*
“I’ve brought the new girl, Mrs. Bannerman.”
Van Arque paused, holding open the door.
I nearly swooned as the teacher turned round: She was, of course, the sweet-faced pixie! The elflike creature who looked as if she would be more at home perched on a foxglove leaf, sipping dewdrops from a fairy thimble.
“Come in, Flavia,” she said. “We’ve been expecting you.”
Flavia? Did the murderess (acquitted) Mildred Bannerman know my name?
I’m afraid that, for the first time ever in my life, although I may have been speechless, my heart was singing.
“Come in, Flavia,” she repeated, and I entered in a zombie trance.
Needless to say, I was the center of attention, which I loathe being. The girls all stared at me openly and I made a point of staring just as openly back. I was as curious about them as they were about me.
Who, for instance, was this girl with the needle-sharp nose and the hole in her stocking? And who the plump one with the pleasant face and fingernails bitten to the elbows? Who was the girl staring so intently at me from the farthest corner of the room? If I didn’t know better, I’d have sworn she had some ancient grievance.
And who was the girl that, in the middle of a room bubbling with curiosity, was so studiously ignoring me? I made special note of this one, recording her details in my mental notebook: small mouth, small nose, and hooded eyes; long black hair and a general air of self-importance, as if she were a wealthy tourist shopping in a bazaar swarming with ragged beggars.
After marking up what I took to be an attendance sheet, Mrs. Bannerman left the room to take a chemistry class with the fifth form, and was replaced by the gray-haired woman I had spotted at breakfast. I was right—she was the French mistress.
The girls all stood as she entered the room, and I went along with it.
For the next hour, Miss Dupont—I found out later whom she was—twittered away at the class, asking what seemed to be useless questions and nodding wisely at the useless answers. I didn’t understand a word of their palaver but, because she addressed each girl by name, the time wasn’t entirely wasted.
“Flav-ee-ah,” she said at last, mispronouncing my name and then rattling off a string of gibberish. I studied my fingernails, pretending I hadn’t heard.
“Elle est très timide,” she remarked to the class, and everyone laughed except me.
I felt like a chump.
What a jolly good idea it had been for my ancestors to forsake France in the days of William the Conqueror, I thought; otherwise, I, too, should have been brought up speaking through my nose.
And what utterly useless rot these girls were made to rehearse!
“The niece of my gardener has given me a blue handkerchief. Who has left Grandmother’s best photographic album in the garden in the rain?” (What a silly-sounding word “pluie” was: like the outcome of too many hot beans on toast.) “Run for the doctor, Marie—Madame has suffered a gastric explosion.”

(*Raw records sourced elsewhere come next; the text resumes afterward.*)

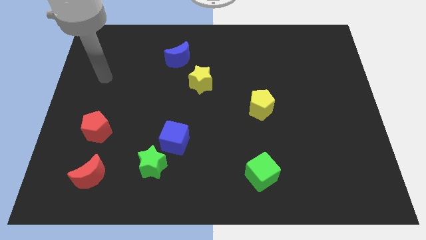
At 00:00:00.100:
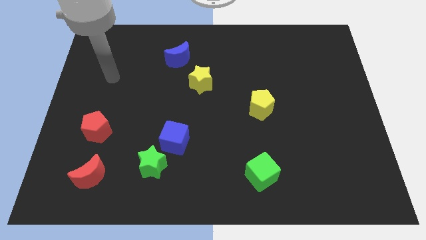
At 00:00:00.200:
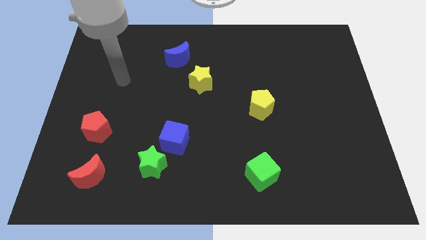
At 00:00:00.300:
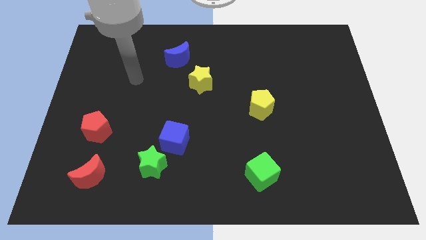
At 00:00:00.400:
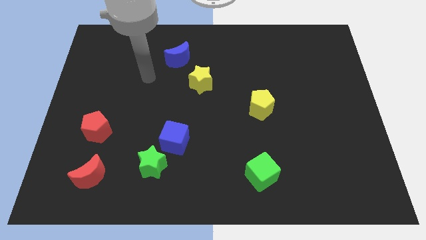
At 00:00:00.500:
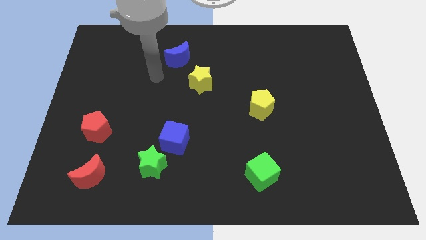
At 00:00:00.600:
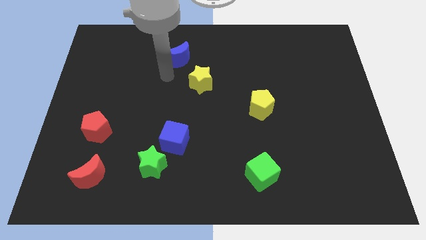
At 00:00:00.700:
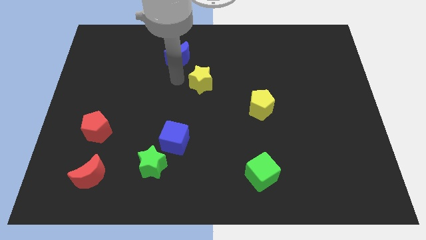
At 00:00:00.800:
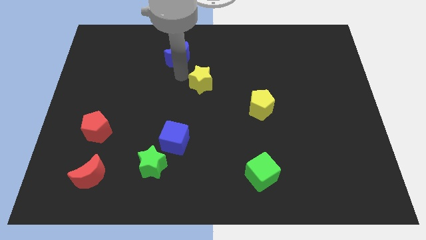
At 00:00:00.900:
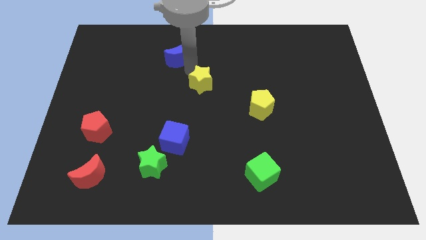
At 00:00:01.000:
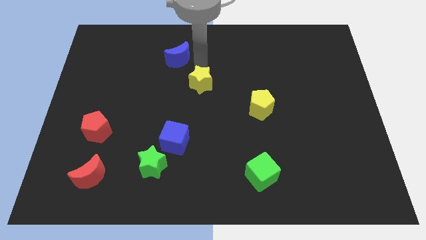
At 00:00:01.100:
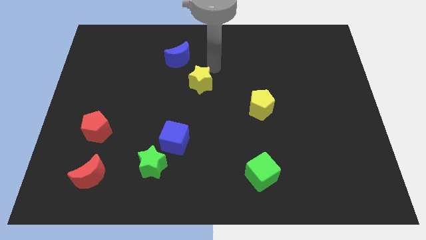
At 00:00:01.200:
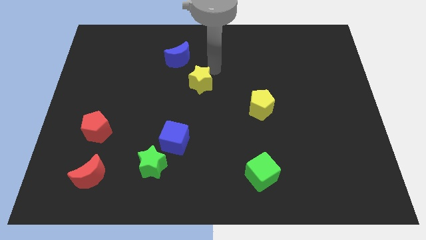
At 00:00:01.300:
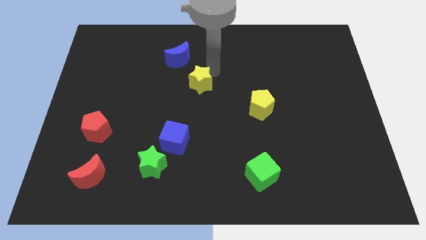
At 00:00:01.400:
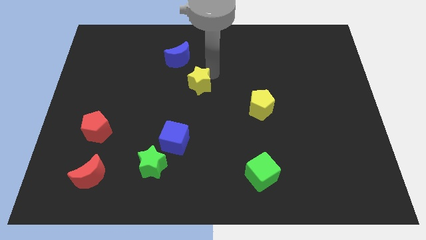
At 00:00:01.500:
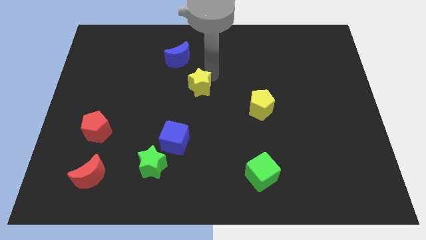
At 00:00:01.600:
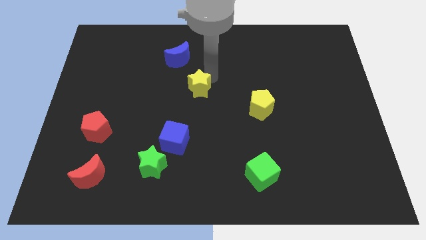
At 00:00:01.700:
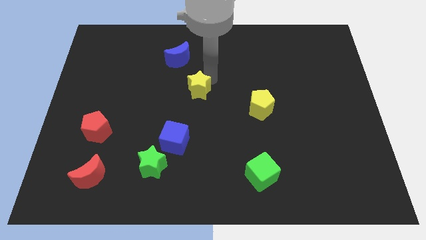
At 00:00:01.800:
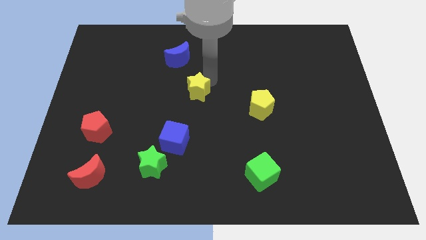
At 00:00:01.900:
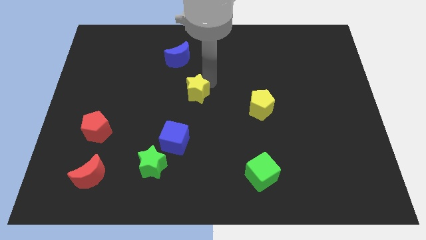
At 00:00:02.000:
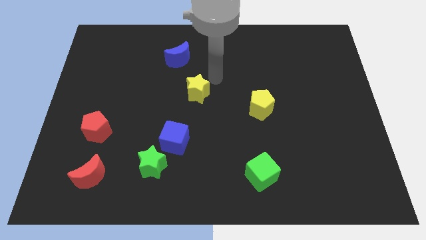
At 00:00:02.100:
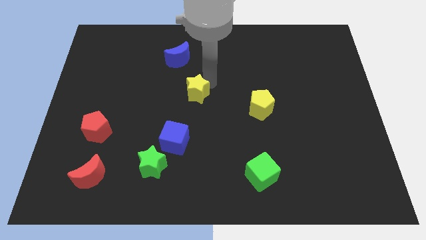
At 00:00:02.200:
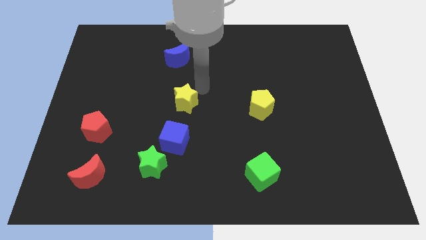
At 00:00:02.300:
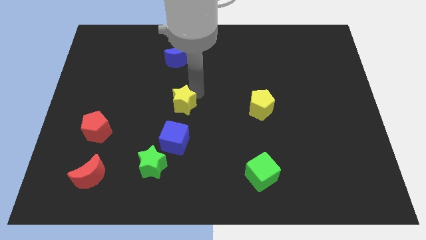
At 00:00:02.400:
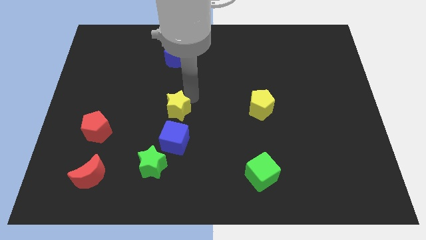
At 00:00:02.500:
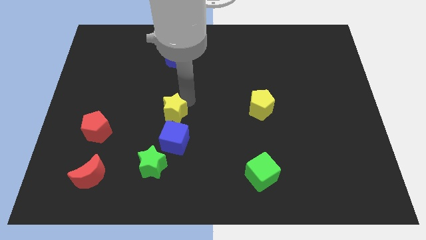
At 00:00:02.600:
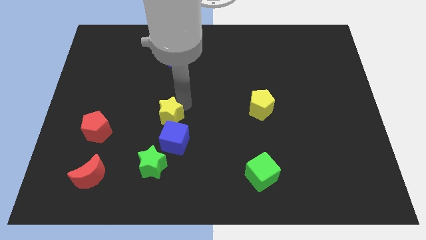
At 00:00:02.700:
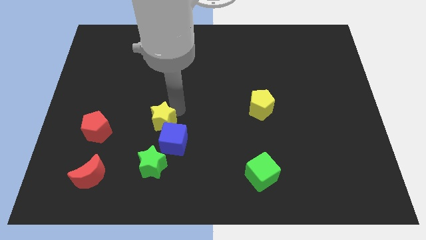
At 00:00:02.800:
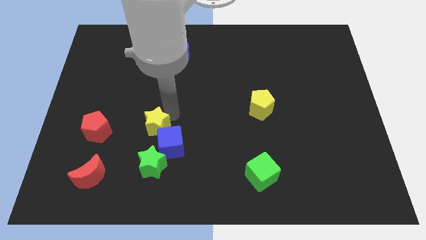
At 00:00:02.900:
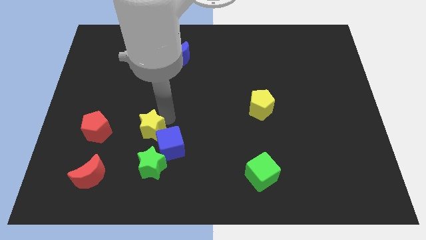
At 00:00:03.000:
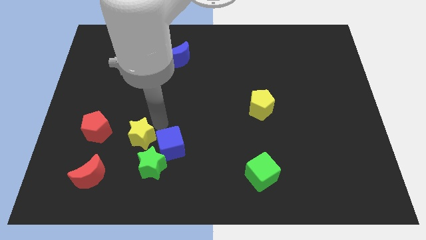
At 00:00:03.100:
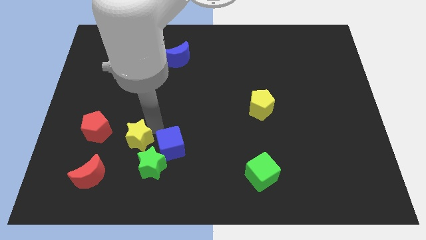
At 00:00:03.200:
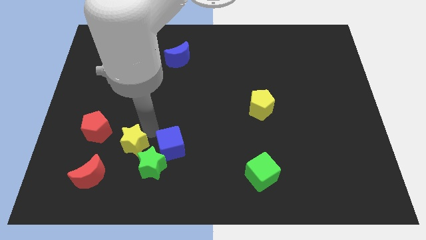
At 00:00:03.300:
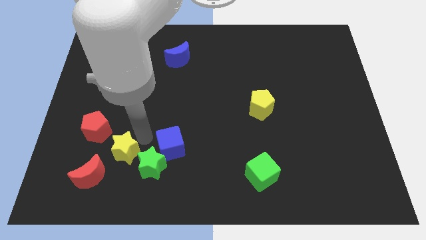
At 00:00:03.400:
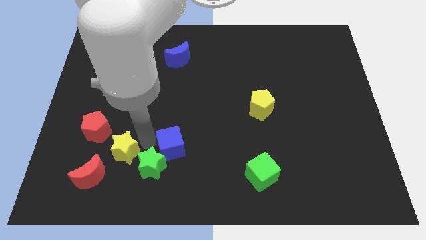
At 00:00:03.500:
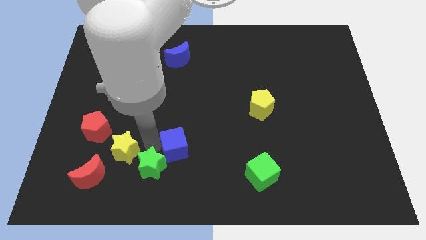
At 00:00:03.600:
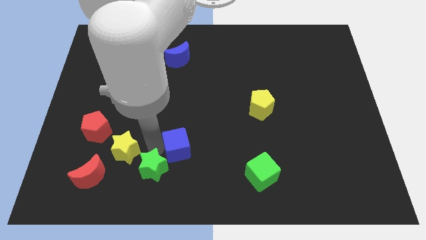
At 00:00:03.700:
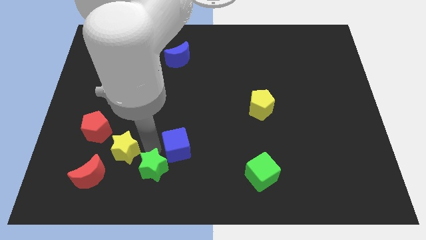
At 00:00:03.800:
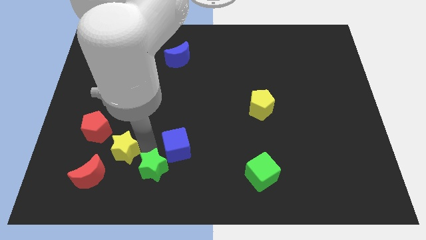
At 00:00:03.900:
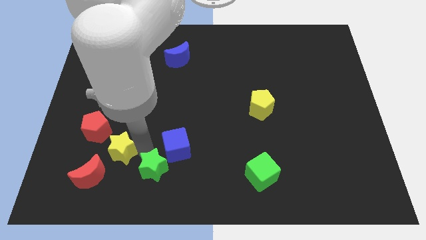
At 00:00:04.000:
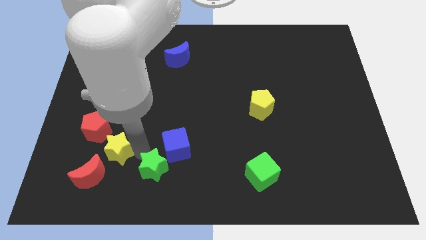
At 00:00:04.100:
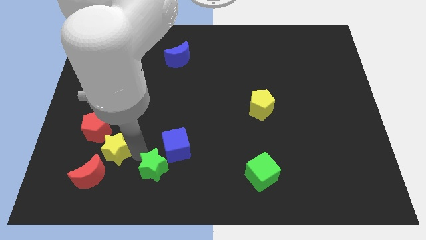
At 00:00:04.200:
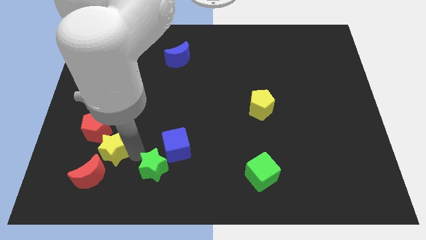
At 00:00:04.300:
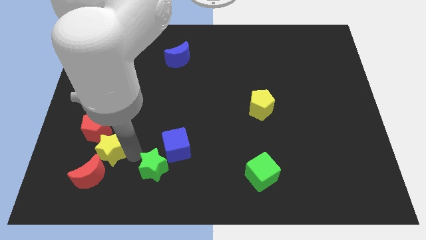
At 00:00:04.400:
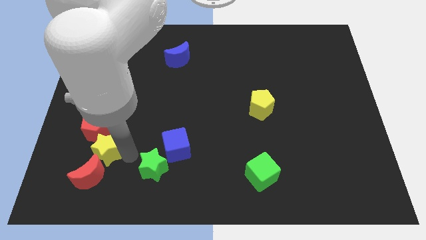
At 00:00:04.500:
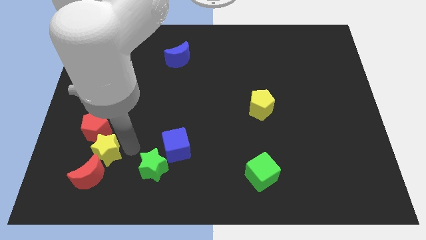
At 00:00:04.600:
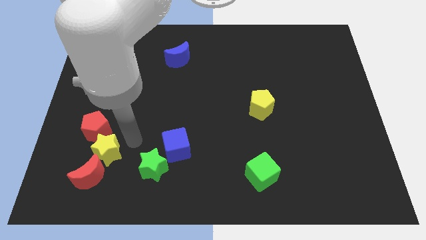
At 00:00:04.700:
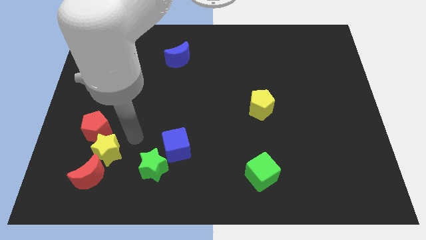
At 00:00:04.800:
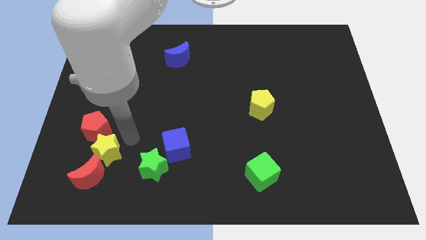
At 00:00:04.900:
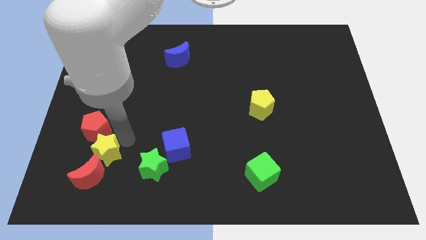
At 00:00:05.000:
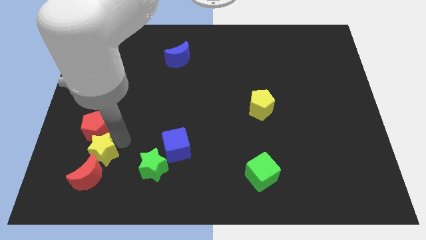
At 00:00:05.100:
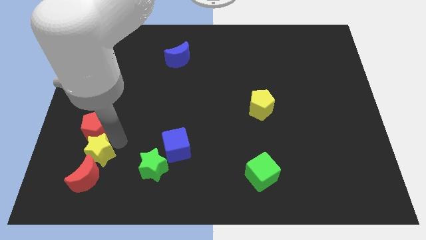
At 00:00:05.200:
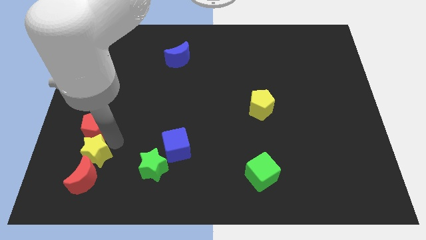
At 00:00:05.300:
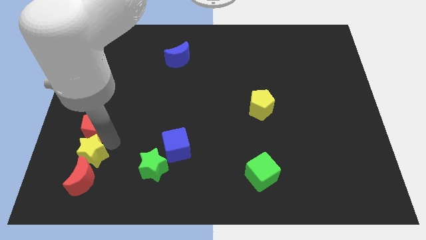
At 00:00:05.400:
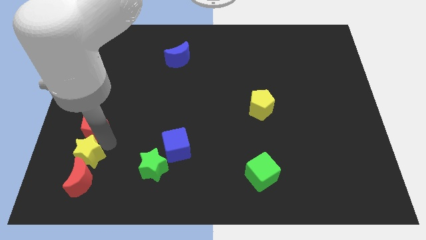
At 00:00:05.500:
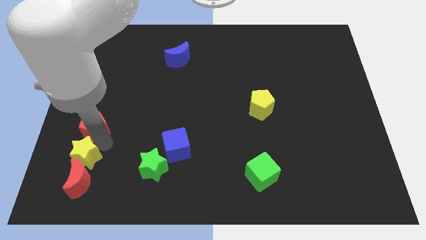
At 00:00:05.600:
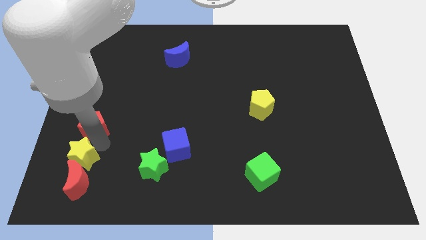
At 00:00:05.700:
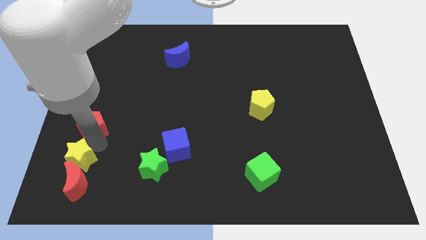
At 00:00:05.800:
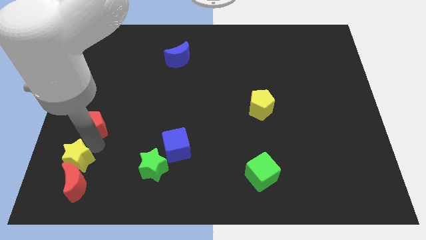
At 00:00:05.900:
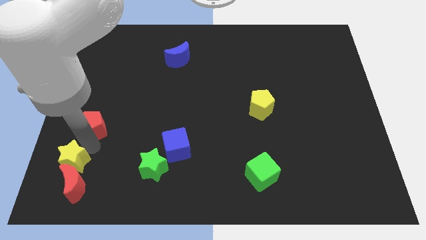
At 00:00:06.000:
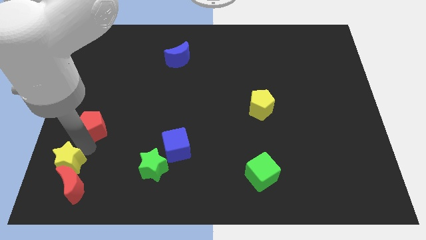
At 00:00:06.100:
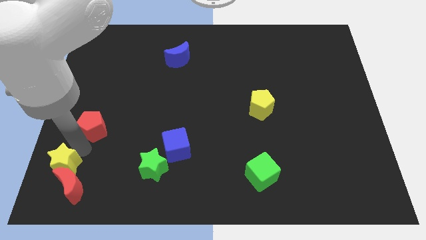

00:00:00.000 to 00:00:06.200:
move the yellow star to the bottom left corner

I only know these things because Van Arque told me later what had actually been said.
Pitiful!
I won’t bother with the rest of that morning, except to say that it was uncomfortable. As I have said, I hate being the center of attention, and yet at the same time I can’t tolerate being ignored.

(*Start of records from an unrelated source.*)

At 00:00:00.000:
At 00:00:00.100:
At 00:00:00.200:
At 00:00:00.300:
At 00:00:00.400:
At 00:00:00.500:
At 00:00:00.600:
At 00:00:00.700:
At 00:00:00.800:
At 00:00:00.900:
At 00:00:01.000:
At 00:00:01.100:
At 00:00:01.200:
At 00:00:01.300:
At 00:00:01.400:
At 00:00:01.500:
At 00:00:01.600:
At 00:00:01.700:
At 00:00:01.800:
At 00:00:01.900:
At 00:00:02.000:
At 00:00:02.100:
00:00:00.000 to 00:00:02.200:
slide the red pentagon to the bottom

How I longed for a brisk knock at the door, and for someone to announce that Inspector Gravenhurst wished to consult with me.
Not that he would put it that way, of course. No, he would be much more discreet than that.
“Inspector Gravenhurst presents his compliments,” they would say, “and begs that Miss de Luce favor him with her assistance.” No, “her valuable assistance.”
Or “invaluable assistance.”
Were things still done that way in Canada? Somehow I doubted it. Even in England nowadays, in my experience, the police were more likely to send you off to fetch them a cup of char or, when they finally came to their senses, to wring you dry as a dishrag before collaring all the credit for themselves.
Life wasn’t fair. It simply wasn’t fair, and I meant to make a note of it.
Before I left home, Aunt Felicity had presented me with a small leather notebook and a miniature propelling pencil, the latter cleverly concealed in a gold crucifix which I wore round my neck.
“Even a barbarian will think twice before meddling with that,” she had said.
The crucifix itself was altogether quite remarkable, modeled, Aunt Felicity told me, on the idea of the Trinity, three-in-one: Father, Son, and Holy Ghost.
And so it also contained, besides the pencil, a small but powerful magnifying glass that swung out from inside the cross, and a surprisingly complete set of lock picks.
“For quiet Sundays,” she had said, giving me what I would have sworn was a glacially slow, lizardlike wink.